Action item.
Transcribe all of the data exactly. Images stay out.

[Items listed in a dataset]
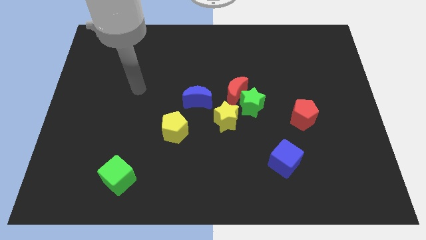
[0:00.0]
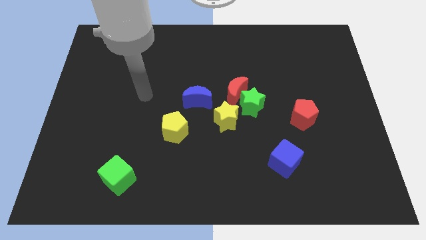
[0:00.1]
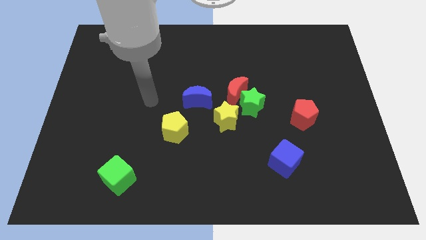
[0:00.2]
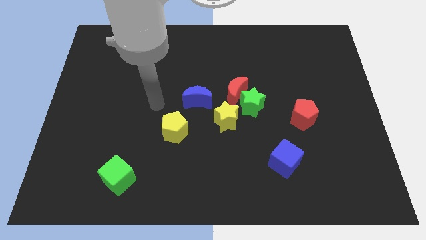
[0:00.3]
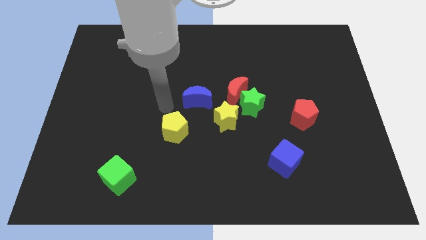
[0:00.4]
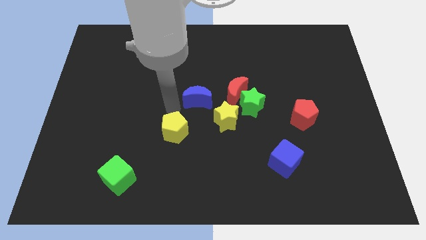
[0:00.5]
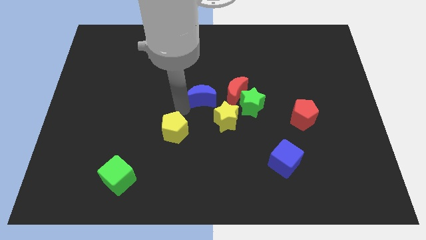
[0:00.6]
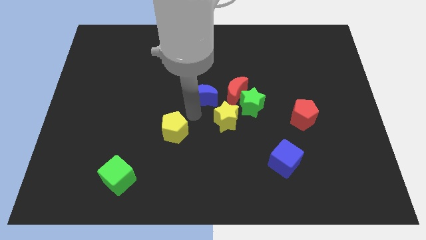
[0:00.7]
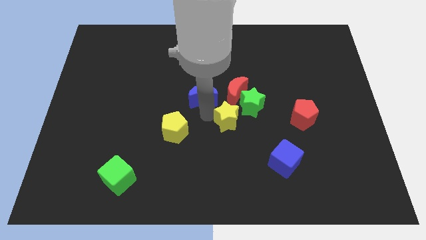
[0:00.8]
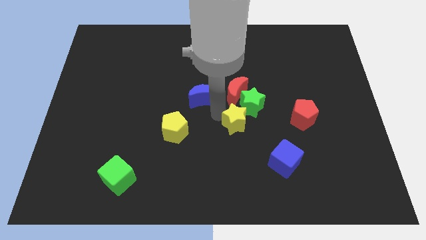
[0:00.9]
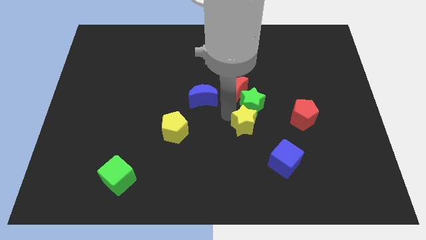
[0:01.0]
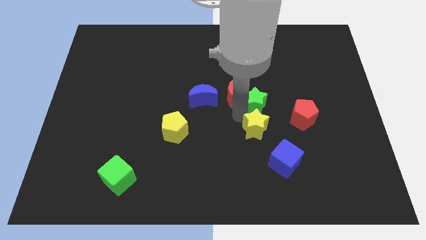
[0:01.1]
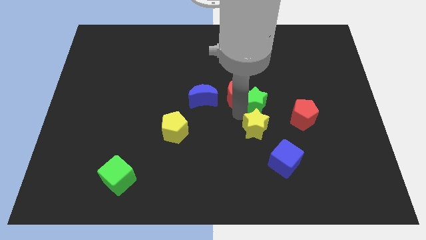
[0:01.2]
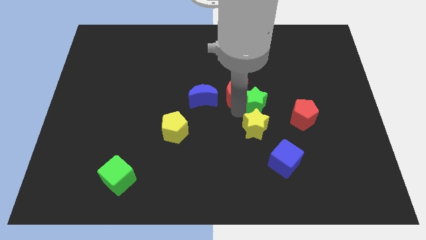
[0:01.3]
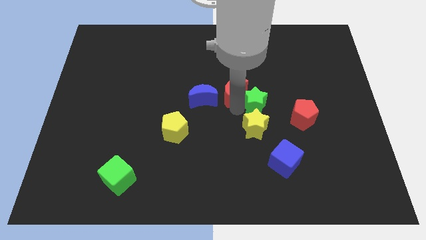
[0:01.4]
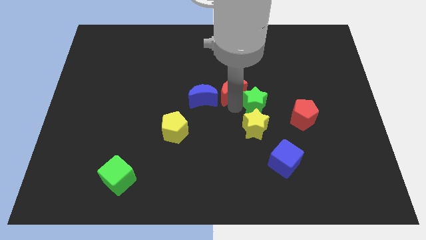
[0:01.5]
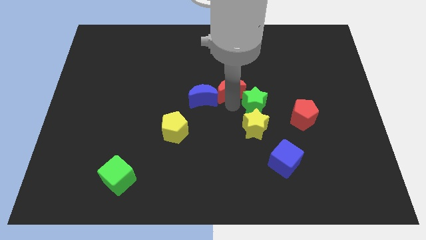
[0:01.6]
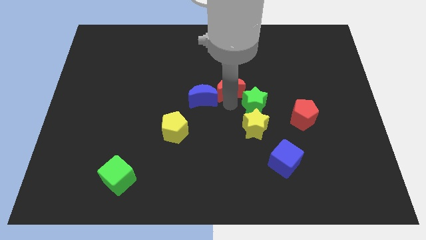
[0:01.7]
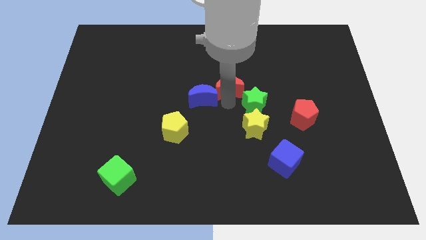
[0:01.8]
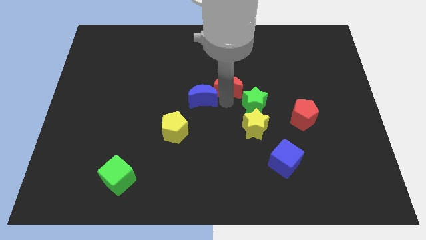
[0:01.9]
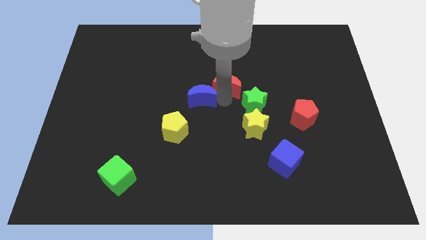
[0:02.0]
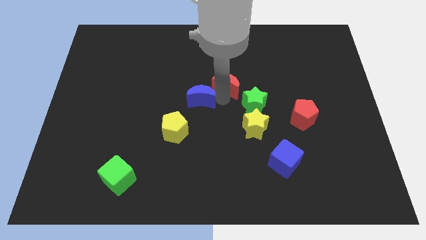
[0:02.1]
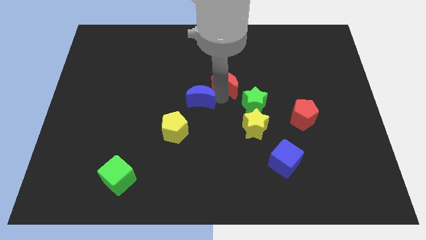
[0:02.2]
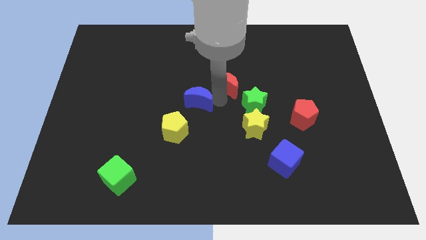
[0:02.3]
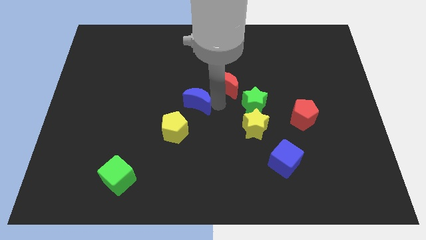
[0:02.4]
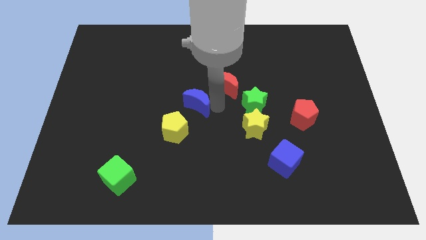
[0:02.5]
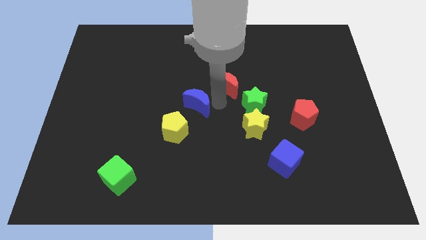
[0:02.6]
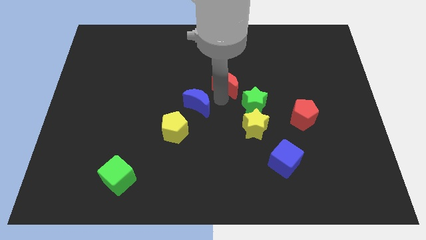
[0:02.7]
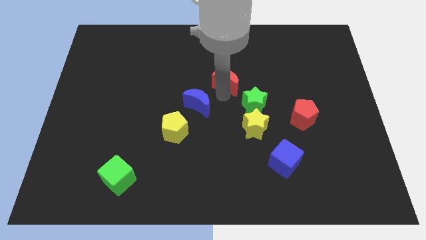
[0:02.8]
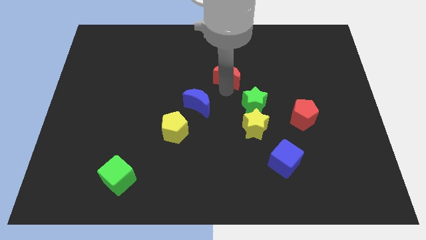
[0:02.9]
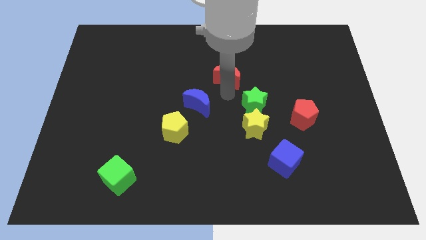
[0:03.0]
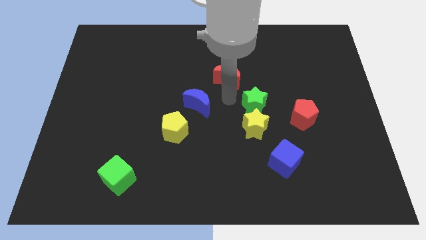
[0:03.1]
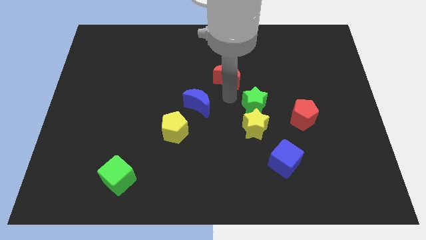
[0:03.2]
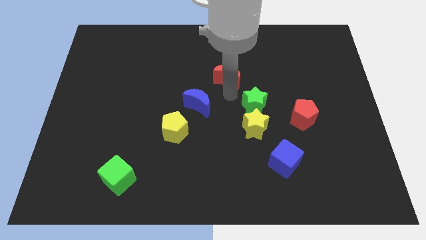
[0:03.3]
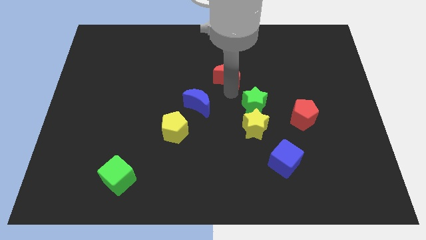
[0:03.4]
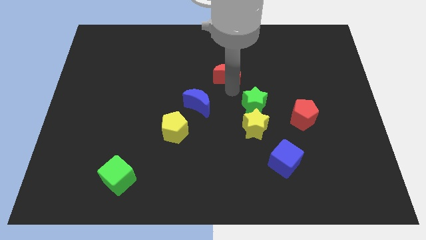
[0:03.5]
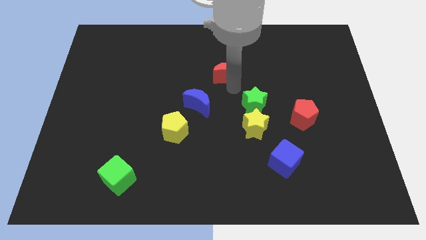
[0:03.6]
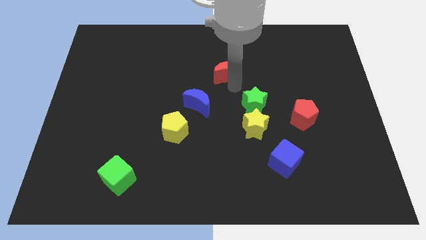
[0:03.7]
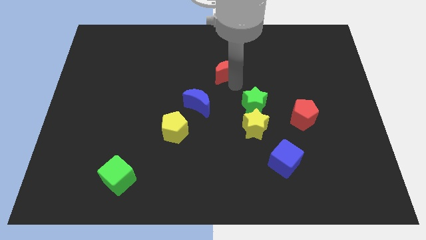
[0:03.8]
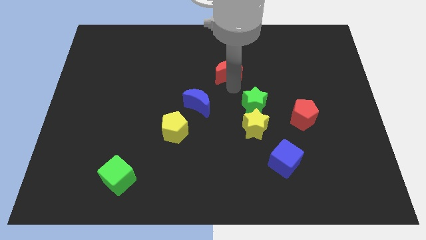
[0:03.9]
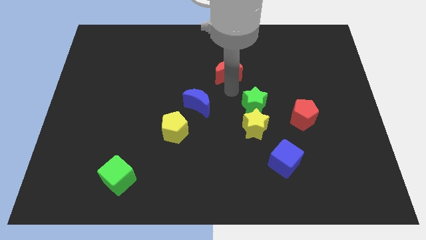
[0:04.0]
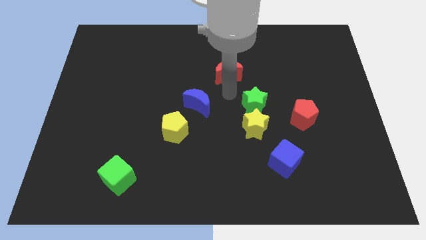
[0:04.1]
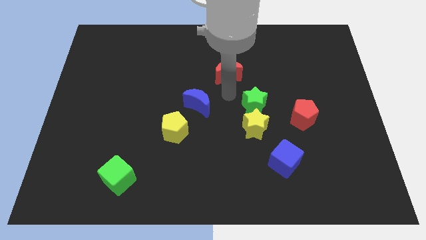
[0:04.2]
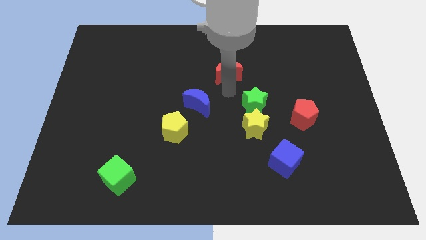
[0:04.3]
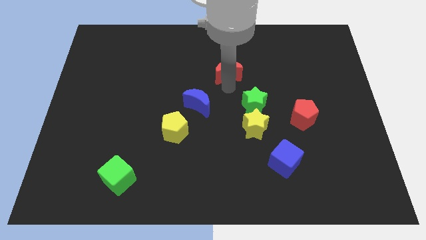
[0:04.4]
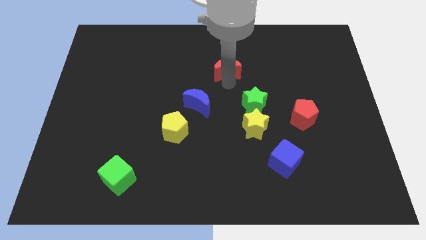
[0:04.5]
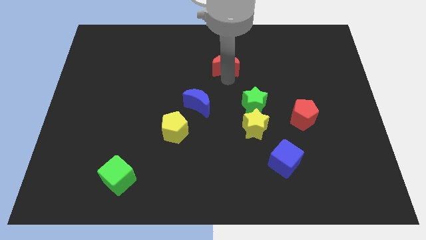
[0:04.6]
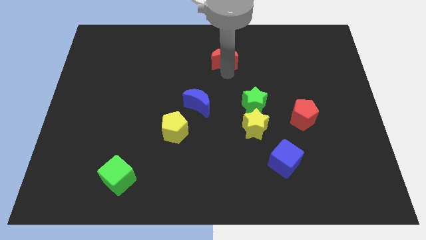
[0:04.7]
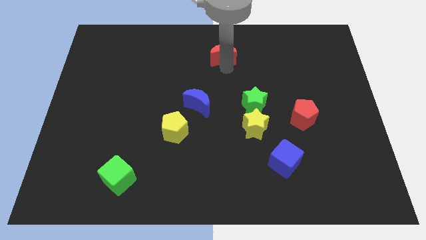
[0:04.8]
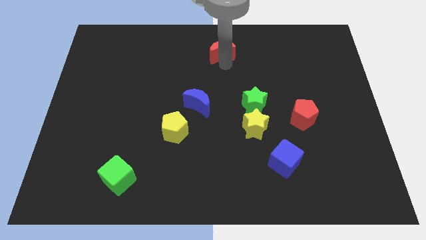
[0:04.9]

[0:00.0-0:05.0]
slide the red moon to the top side

Answer for this exercise.
[0:00.0]
[0:00.1]
[0:00.2]
[0:00.3]
[0:00.4]
[0:00.5]
[0:00.6]
[0:00.7]
[0:00.8]
[0:00.9]
[0:01.0]
[0:01.1]
[0:01.2]
[0:01.3]
[0:01.4]
[0:01.5]
[0:01.6]
[0:01.7]
[0:01.8]
[0:01.9]
[0:02.0]
[0:02.1]
[0:02.2]
[0:02.3]
[0:02.4]
[0:02.5]
[0:02.6]
[0:02.7]
[0:02.8]
[0:02.9]
[0:03.0]
[0:03.1]
[0:03.2]
[0:03.3]
[0:03.4]
[0:03.5]
[0:03.6]
[0:03.7]
[0:03.8]
[0:03.9]
[0:04.0]
[0:04.1]
[0:04.2]
[0:04.3]
[0:04.4]
[0:04.5]
[0:04.6]
[0:04.7]
[0:04.8]
[0:04.9]

[0:00.0-0:05.0]
slide the red moon to the top side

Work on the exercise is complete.